Task objective:
Copy out exactly, and only, the lines from the one containing "Nodule present: yes" through the end of the entries. No pictures.

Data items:
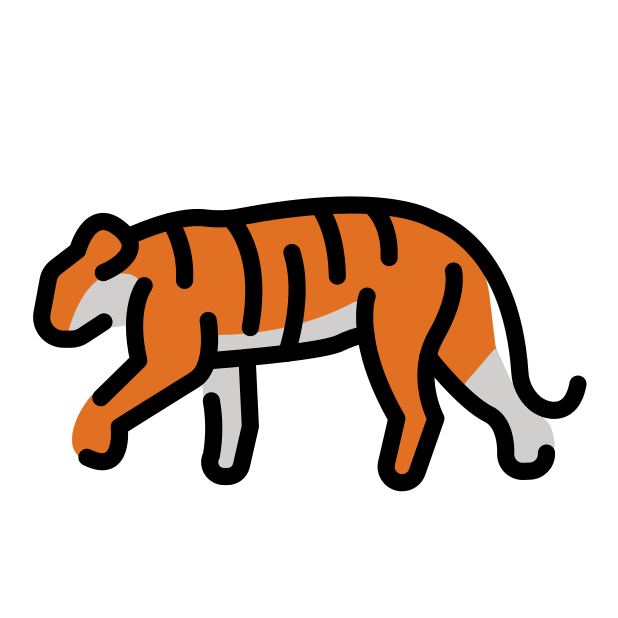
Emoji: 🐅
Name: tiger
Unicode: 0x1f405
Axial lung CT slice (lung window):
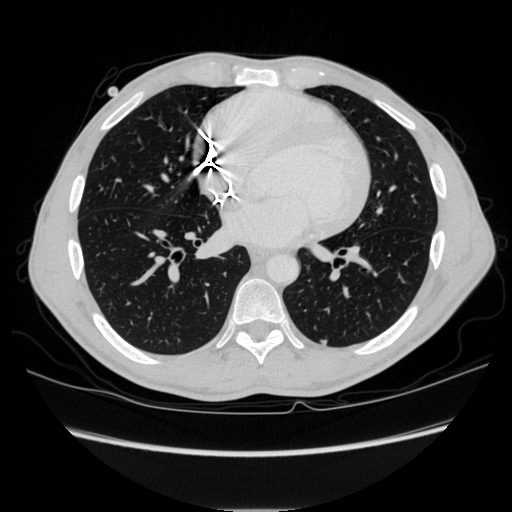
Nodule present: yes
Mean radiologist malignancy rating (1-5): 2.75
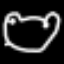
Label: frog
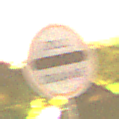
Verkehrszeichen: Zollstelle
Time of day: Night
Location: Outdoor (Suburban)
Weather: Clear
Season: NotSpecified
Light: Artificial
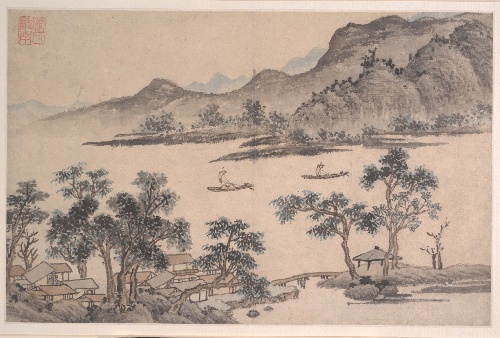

Written answer:
Nodule present: yes
Mean radiologist malignancy rating (1-5): 2.75
Label: frog
Verkehrszeichen: Zollstelle
Time of day: Night
Location: Outdoor (Suburban)
Weather: Clear
Season: NotSpecified
Light: Artificial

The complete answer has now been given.